The military budget is the portion of the discretionary United States federal budget allocated to the Department of Defense, or more broadly, the portion of the budget that goes to any military-related expenditures.

The United States spends more on their defense budget than China, Saudi Arabia, Russia, the United Kingdom, India, France, and Japan combined. The 2018 U.S. military budget accounts for approximately 36% of global arms spending (for comparison, U.S. GDP is only 24% of global GDP).

The US also maintains the largest number of military bases on foreign soil across the world. While there are no freestanding foreign bases permanently located in the United States, there are now around 800 U.S. bases in foreign countries.

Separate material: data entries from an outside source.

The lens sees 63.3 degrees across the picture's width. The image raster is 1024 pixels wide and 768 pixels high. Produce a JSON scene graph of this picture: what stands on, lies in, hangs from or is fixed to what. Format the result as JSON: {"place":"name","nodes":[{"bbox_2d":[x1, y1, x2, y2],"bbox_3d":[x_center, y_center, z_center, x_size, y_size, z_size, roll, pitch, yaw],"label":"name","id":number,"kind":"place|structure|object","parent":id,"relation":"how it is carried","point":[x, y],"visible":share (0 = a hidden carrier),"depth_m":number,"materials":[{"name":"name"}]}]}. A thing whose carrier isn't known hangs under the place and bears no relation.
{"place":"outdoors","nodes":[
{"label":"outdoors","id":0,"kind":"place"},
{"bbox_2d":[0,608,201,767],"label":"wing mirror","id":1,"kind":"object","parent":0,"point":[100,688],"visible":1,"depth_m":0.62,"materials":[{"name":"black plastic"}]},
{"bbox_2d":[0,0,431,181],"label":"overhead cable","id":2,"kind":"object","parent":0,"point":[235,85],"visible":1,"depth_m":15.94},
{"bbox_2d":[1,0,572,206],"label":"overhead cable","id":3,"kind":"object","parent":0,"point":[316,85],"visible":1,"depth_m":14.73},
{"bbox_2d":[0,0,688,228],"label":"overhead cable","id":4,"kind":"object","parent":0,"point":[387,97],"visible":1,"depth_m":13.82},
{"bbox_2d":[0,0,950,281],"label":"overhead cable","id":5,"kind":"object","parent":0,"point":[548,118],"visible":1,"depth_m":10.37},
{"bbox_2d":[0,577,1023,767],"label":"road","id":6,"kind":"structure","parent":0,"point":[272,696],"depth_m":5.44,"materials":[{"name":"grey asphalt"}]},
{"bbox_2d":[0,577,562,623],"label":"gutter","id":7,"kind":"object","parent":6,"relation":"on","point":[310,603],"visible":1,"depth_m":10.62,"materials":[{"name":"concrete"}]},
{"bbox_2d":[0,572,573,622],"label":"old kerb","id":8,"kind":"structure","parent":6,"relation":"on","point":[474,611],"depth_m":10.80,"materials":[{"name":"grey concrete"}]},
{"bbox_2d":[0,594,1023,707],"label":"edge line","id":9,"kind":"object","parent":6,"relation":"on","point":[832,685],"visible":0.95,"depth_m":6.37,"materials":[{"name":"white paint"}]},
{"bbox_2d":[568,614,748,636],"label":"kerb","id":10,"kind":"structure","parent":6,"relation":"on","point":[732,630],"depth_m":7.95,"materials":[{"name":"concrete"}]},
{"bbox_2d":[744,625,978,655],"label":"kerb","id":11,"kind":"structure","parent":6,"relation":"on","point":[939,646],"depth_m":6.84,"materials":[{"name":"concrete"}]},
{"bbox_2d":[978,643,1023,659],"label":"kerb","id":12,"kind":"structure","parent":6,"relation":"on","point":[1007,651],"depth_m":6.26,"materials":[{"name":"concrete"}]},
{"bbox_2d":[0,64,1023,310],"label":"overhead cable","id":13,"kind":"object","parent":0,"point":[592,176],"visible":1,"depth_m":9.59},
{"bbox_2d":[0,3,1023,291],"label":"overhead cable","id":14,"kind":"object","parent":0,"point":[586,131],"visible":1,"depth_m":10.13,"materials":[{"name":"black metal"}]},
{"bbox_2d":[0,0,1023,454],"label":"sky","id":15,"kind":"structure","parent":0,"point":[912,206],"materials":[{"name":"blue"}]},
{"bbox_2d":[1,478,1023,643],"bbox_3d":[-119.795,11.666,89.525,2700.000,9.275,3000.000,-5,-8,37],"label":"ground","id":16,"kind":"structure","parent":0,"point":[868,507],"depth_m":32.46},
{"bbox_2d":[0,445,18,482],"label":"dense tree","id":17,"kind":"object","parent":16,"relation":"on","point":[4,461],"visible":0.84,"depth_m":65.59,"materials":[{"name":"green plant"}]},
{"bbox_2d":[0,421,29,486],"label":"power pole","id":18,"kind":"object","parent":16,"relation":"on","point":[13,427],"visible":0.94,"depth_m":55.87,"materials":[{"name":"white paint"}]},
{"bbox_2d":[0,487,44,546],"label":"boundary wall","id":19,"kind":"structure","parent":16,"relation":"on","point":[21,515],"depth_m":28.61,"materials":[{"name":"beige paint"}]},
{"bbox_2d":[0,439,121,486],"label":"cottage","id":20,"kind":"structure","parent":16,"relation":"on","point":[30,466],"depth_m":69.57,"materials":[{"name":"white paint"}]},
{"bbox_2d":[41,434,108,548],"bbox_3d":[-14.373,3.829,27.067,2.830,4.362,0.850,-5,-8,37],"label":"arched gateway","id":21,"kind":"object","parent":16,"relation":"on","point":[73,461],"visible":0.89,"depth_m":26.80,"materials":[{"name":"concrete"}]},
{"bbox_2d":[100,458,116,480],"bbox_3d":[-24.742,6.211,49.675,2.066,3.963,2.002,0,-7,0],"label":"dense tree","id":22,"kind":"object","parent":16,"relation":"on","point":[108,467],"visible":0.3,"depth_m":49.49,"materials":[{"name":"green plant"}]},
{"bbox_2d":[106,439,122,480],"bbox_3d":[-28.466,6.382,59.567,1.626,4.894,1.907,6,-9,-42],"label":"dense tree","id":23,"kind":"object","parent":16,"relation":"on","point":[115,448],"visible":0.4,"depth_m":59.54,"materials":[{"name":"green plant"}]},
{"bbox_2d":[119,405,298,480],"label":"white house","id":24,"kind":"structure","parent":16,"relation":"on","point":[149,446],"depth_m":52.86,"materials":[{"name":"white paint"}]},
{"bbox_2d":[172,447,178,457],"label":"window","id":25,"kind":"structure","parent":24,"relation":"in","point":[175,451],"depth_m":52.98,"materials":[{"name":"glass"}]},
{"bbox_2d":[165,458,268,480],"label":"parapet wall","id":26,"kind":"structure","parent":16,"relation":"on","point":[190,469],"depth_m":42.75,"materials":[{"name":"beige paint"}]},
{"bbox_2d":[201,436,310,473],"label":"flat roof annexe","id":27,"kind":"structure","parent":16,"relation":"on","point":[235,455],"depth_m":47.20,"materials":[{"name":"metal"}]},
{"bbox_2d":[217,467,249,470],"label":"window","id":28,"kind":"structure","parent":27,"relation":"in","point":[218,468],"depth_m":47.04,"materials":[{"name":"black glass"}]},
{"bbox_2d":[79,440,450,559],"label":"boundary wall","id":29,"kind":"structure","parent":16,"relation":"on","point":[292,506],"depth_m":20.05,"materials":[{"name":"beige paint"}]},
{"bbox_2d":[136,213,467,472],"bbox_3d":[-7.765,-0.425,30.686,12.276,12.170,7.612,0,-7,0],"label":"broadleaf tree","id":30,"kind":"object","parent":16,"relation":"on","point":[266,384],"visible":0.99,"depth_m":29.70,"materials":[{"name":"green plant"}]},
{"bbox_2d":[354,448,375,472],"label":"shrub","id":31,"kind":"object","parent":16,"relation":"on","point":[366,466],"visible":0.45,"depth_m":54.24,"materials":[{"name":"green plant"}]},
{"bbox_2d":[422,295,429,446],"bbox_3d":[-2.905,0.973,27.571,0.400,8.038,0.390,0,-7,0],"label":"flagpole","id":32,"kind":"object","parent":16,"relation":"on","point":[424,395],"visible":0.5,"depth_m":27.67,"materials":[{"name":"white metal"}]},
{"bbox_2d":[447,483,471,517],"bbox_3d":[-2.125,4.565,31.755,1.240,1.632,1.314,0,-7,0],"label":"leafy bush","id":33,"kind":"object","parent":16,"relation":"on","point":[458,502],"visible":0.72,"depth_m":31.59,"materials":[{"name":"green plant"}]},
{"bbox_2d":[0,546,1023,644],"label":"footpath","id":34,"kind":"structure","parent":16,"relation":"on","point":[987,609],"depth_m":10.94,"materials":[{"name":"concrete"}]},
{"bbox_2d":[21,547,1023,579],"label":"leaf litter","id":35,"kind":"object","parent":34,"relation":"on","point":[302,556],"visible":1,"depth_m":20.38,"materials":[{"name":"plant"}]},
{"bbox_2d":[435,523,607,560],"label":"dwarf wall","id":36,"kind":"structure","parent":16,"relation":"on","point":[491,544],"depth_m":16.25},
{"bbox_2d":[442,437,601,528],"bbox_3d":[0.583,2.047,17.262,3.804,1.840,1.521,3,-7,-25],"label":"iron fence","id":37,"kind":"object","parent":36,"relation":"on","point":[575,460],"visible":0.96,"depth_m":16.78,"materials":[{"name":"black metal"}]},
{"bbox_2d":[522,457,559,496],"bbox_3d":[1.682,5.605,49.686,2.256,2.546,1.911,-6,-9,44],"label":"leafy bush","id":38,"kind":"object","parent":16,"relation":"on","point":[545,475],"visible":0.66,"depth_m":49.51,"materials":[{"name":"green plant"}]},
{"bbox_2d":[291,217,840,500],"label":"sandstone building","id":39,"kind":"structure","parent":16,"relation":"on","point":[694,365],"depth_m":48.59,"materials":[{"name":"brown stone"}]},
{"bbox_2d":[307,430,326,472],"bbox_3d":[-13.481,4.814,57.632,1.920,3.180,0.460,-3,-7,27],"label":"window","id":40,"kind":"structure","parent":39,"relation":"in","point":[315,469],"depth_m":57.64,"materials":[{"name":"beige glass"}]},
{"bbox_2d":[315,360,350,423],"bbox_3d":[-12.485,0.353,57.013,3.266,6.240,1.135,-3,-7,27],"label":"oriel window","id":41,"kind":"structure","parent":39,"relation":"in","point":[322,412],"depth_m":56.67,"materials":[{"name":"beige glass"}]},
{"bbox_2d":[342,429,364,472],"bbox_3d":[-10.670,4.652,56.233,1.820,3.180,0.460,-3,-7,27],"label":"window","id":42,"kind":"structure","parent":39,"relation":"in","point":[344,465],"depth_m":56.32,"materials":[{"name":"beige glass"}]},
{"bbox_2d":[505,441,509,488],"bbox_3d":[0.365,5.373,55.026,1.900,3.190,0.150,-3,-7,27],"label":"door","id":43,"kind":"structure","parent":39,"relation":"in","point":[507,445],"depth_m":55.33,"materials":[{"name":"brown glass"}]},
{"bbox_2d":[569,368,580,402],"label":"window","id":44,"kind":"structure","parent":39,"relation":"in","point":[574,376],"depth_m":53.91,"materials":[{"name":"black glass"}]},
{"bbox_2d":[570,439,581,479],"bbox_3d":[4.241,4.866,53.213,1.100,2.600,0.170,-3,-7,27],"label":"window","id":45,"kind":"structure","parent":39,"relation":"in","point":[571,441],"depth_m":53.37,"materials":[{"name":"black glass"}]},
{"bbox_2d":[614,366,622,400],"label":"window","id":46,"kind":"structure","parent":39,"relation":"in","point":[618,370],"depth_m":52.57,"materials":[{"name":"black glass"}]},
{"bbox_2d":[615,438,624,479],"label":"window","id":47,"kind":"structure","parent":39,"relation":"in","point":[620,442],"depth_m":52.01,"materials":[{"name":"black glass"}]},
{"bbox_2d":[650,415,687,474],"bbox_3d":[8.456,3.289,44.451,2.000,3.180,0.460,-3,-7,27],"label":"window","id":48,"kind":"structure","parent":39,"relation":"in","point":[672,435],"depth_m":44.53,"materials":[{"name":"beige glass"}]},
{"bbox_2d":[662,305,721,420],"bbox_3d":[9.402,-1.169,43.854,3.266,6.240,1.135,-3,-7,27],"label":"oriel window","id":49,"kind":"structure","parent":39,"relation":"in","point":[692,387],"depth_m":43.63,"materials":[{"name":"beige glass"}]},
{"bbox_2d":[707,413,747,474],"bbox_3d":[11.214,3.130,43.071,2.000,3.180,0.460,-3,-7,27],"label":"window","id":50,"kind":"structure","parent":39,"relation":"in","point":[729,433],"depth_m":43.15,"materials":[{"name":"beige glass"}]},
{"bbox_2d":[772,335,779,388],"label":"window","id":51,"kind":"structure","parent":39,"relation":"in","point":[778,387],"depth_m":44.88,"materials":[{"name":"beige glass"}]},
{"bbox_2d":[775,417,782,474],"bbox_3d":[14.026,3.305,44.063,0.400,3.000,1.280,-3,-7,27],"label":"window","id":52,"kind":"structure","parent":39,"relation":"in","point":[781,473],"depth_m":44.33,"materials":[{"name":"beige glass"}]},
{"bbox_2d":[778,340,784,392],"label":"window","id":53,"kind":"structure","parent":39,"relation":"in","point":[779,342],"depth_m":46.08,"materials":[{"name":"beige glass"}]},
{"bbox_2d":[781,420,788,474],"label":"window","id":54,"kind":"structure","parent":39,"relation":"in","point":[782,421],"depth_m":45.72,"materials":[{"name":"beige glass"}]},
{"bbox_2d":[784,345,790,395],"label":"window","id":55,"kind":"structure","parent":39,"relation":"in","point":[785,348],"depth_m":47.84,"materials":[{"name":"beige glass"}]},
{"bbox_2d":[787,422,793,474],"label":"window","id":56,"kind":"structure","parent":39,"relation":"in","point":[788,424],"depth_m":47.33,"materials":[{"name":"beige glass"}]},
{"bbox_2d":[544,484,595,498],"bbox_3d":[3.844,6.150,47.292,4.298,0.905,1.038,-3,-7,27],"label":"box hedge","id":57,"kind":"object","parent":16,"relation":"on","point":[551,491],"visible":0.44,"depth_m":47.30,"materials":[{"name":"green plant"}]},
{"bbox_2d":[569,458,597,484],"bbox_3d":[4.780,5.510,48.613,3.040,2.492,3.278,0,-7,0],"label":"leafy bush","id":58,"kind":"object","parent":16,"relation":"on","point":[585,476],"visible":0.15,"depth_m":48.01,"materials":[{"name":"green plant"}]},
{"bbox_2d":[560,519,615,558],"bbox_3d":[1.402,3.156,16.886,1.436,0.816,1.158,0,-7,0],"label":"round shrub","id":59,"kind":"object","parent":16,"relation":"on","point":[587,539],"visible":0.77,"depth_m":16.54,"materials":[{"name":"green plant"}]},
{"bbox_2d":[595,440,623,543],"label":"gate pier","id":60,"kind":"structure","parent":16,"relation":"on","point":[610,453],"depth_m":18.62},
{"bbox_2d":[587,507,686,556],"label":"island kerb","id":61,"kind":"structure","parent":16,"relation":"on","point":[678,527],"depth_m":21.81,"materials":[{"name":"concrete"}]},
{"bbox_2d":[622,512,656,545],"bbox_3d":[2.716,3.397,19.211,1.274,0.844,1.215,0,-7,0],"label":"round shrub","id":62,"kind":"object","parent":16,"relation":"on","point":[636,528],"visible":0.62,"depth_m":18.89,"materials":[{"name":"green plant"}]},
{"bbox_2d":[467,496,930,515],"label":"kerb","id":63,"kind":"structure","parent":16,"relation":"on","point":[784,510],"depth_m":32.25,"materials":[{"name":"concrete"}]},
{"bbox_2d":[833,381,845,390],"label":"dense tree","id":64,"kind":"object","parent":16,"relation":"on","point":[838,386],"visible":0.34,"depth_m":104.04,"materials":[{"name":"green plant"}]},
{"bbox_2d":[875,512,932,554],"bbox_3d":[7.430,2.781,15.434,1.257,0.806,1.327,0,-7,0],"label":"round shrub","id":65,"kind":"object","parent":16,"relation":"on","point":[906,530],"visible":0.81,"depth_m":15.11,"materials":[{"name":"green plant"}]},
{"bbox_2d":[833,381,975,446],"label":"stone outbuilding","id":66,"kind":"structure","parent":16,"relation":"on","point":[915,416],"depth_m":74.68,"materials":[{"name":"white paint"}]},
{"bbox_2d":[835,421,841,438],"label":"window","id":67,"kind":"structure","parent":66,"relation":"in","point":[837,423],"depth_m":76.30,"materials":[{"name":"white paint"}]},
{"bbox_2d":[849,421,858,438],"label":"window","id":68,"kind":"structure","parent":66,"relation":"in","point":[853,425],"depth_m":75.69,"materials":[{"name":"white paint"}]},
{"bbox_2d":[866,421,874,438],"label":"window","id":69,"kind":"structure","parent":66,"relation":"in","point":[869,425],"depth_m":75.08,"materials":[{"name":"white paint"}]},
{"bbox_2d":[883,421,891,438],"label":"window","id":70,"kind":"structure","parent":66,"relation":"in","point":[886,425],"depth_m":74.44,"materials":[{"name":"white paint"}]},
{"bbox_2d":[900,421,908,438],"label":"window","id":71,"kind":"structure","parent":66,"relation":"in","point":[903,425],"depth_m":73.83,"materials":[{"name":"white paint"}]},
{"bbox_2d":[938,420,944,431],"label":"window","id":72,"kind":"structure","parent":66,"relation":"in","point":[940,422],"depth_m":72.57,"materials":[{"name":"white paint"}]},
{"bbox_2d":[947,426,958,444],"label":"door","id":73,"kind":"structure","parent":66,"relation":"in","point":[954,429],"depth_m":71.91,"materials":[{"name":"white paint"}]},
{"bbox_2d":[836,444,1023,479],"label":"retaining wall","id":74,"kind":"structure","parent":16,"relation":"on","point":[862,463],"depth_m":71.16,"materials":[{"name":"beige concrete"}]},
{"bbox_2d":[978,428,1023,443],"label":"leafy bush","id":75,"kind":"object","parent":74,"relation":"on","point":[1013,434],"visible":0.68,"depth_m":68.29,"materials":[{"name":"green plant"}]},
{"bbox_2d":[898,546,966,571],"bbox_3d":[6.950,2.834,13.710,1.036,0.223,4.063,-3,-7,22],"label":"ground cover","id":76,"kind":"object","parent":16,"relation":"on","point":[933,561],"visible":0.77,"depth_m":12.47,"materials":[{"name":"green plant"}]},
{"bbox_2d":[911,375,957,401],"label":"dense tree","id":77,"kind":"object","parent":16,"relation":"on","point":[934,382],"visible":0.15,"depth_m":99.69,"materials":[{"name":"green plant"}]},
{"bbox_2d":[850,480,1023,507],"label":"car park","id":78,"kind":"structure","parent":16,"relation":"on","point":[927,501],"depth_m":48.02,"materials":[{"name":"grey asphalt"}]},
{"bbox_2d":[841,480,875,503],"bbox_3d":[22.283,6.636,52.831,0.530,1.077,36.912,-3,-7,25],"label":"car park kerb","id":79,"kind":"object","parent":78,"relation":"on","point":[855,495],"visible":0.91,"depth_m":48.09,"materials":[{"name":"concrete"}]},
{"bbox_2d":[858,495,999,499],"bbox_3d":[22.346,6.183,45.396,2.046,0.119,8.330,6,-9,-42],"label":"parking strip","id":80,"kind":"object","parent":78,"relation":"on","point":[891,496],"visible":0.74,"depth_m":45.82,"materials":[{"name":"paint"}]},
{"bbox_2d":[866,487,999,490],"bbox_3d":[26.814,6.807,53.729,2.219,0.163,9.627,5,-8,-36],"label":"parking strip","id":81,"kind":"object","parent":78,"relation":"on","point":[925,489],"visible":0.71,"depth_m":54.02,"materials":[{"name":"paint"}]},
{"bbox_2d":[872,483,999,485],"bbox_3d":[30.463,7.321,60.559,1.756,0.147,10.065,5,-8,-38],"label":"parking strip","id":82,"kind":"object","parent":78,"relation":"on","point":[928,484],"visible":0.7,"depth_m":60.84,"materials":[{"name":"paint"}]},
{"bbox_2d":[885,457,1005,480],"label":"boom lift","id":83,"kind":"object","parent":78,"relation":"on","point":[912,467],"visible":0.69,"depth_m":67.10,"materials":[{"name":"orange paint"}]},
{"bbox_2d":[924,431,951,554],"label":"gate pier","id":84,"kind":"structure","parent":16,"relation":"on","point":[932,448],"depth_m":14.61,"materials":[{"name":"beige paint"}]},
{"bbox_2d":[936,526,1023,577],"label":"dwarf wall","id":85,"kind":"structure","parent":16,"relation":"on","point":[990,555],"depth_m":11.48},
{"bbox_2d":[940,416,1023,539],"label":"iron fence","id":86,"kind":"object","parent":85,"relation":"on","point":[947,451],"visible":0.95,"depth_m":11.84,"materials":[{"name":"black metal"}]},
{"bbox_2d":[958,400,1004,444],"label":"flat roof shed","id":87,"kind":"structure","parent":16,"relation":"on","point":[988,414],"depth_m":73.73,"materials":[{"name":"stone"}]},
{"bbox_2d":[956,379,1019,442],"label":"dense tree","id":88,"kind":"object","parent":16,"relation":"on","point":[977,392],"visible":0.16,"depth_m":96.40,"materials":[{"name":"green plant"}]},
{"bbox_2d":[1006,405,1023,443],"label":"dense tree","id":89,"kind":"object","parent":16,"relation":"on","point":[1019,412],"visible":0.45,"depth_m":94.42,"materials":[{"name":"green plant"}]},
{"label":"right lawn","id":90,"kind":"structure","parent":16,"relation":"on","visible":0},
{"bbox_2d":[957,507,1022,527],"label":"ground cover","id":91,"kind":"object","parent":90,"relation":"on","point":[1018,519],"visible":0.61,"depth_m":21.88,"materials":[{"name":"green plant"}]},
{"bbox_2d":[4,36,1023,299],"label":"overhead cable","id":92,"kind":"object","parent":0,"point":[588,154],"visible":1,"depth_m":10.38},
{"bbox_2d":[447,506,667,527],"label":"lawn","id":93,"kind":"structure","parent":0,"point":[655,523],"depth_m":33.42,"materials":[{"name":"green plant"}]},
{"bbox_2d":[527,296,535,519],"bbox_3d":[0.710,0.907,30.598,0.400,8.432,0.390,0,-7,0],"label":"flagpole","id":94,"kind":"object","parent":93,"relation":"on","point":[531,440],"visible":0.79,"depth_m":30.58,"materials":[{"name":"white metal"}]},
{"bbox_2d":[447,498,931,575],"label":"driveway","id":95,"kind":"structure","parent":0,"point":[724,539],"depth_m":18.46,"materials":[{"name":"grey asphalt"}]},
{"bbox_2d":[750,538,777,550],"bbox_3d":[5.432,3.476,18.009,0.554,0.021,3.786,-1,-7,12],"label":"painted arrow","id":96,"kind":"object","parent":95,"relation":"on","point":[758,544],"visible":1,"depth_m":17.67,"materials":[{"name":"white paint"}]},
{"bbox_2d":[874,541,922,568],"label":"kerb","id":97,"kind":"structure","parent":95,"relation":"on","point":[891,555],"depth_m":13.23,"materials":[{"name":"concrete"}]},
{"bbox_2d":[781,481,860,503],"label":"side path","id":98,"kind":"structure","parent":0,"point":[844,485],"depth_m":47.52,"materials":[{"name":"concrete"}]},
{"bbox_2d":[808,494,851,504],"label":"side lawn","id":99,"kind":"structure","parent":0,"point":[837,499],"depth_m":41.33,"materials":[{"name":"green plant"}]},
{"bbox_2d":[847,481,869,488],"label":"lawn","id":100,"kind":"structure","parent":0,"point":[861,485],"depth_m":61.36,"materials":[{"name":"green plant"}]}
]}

Military spending makes up nearly 16% of entire federal spending and approximately half of discretionary spending. In a general sense discretionary spending (defense and non-defense spending) makes up one-third of the annual federal budget.

For 2019 the Department of Defense’ budget authority is approximately $693,058,000,000. Approximately $684,985,000,000 is discretionary, approximately $8,081,000,000 is mandatory. The Department of Defense estimates that $652,225,000,000 will actually be spent (outlays).

Beside death and destruction, mental illness and suffering, military activity has significant impacts on the environment. Indeed, the US military is also considered to be the number one fossil fuel consumer and one of the largest generators of pollution in the world.

Not only can war be destructive to the socioenvironment, but military activities produce extensive amounts of greenhouse gases (that contribute to anthropogenic climate change), pollution, and cause resource depletion, among other environmental impacts.

Military pollution is a worldwide occurrence. Armed forces from around the world were responsible for the emission of two thirds of chlorofluorocarbons (CFCs) that were banned in the 1987 Montreal Protocol for causing damage to the ozone layer.

It is what Eisenhower described as the “misplaced power” of the military-industrial complex – power that makes public opposition and even thousands of dead soldiers immaterial. War may be hell for some but it is heaven for others in a war-dependent economy.